In her article, Simmonds cherry picks a handful of idiot commentators from Australia and then unfavourably compares us to the cultures of France and England. But having been to both those countries I know that these lovely places have their share of over-exposed buffoons, too. Australia’s anti-intellectualism could be demonstrated with less anecdotes and more identifiable measures. I find Simmonds’ swipe at Andrew Bolt for dropping out of a university degree depressing also. His views are repellent but so are those of Dr Steven Kates (ie. “the damaged women” vote), and Kates completed a couple of degrees and teaches in a university. Judgementalism about education levels is a perfect way to prove that anti-intellectualism is justifiable in Australia.

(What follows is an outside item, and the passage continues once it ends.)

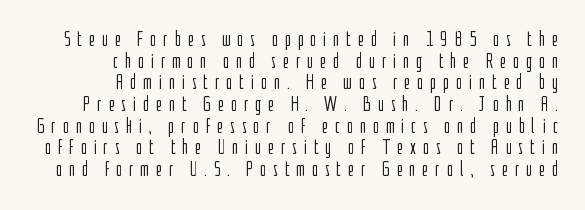
Quick note: underline off. A student would call this right alignment; a typographer would say flush right, rag left. This sample uses an upright cut, with every glyph sitting square on the baseline. The letters look calm and open, with moderate or lighter stems.
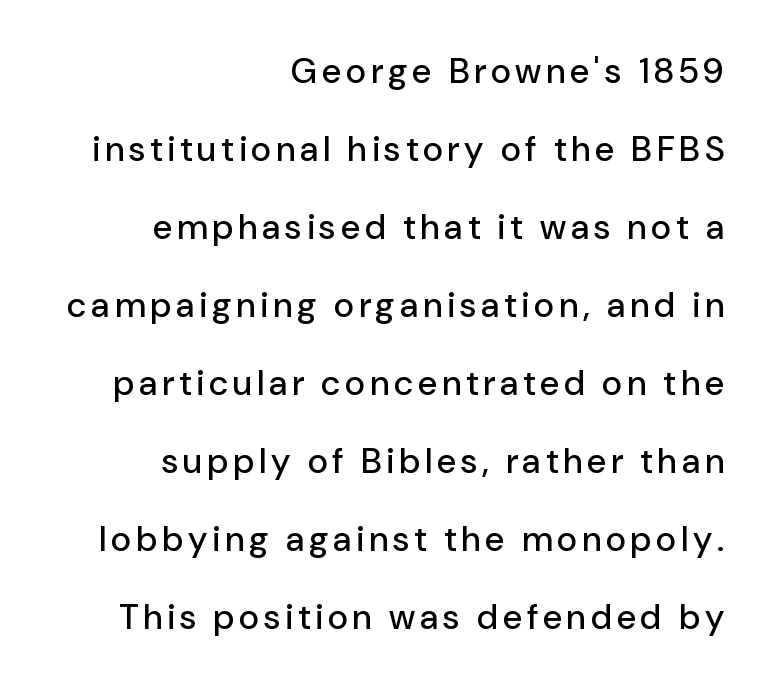
Quick note: underline off. The type family on display is of the sans-serif kind. Right-aligned paragraph, ragged on the left. Does the lettering tilt? It doesn't — this is upright. Each letter keeps its own natural width here, so spacing adapts to shape. The space between consecutive lines is lavish.

And while we’re madly dividing between us and them, those of us with higher degrees would do well to be careful of defensive statements like those in Simmonds’ article about how poorly paid and noble academic professions are compared to other jobs. I agree that such jobs are paid less than the general public understands but neither description plays too well to the 50 per cent of the Australian workforce who work in full-time jobs for less than $58,000 a year. Some wages truly are embarrassingly humble and so are the working conditions, which can include plenty of unpaid overtime but with none of the autonomy of academic jobs. And who is going to tell a childcare worker her job isn’t a noble one? We’d be better to say that there is a squeeze on workplace conditions that many occupations and industries, including academia have in common.
The article has some very tired old Australian stereotypes, too, that could benefit from re-examination; like, are children here still ashamed of being smart? A huge surge in private tutoring and an obsession with NAPLAN testing among parents suggests otherwise to me. And what of the idea that Twitter is no place for academic thinkers – my feed is teeming with them and links to their work.
But I absolutely agree with Simmonds’ belief that there is a problem with anti-intellectualism in Australia, I just don’t find her article terribly convincing of the fact. Anyway, if you haven’t had enough of this complaint then Jeff Sparrow makes some of these arguments and others in a great response, “Why Andrew Bolt is not an imbecile” at New Matilda.
And to finish up.. a less controversial view of mine? This article is well worth reading. Anne-Marie Slaughter’s “How to make the U.S. a better place for carers” in The Atlantic:
Focusing on infant mortality is not typically on a white feminist agenda in the U.S.; the babies at risk are children of poverty, who are in turn more likely to be rural whites and ethnic minorities. But an infrastructure of care must provide care for everyone, just as roads and bridges provide transport for anyone who can drive or afford a bus ticket. Care is for the vulnerable, the sick, the disabled, and the dependent. All of us, rich or poor, qualify as vulnerable and dependent for at least some period after birth and before death.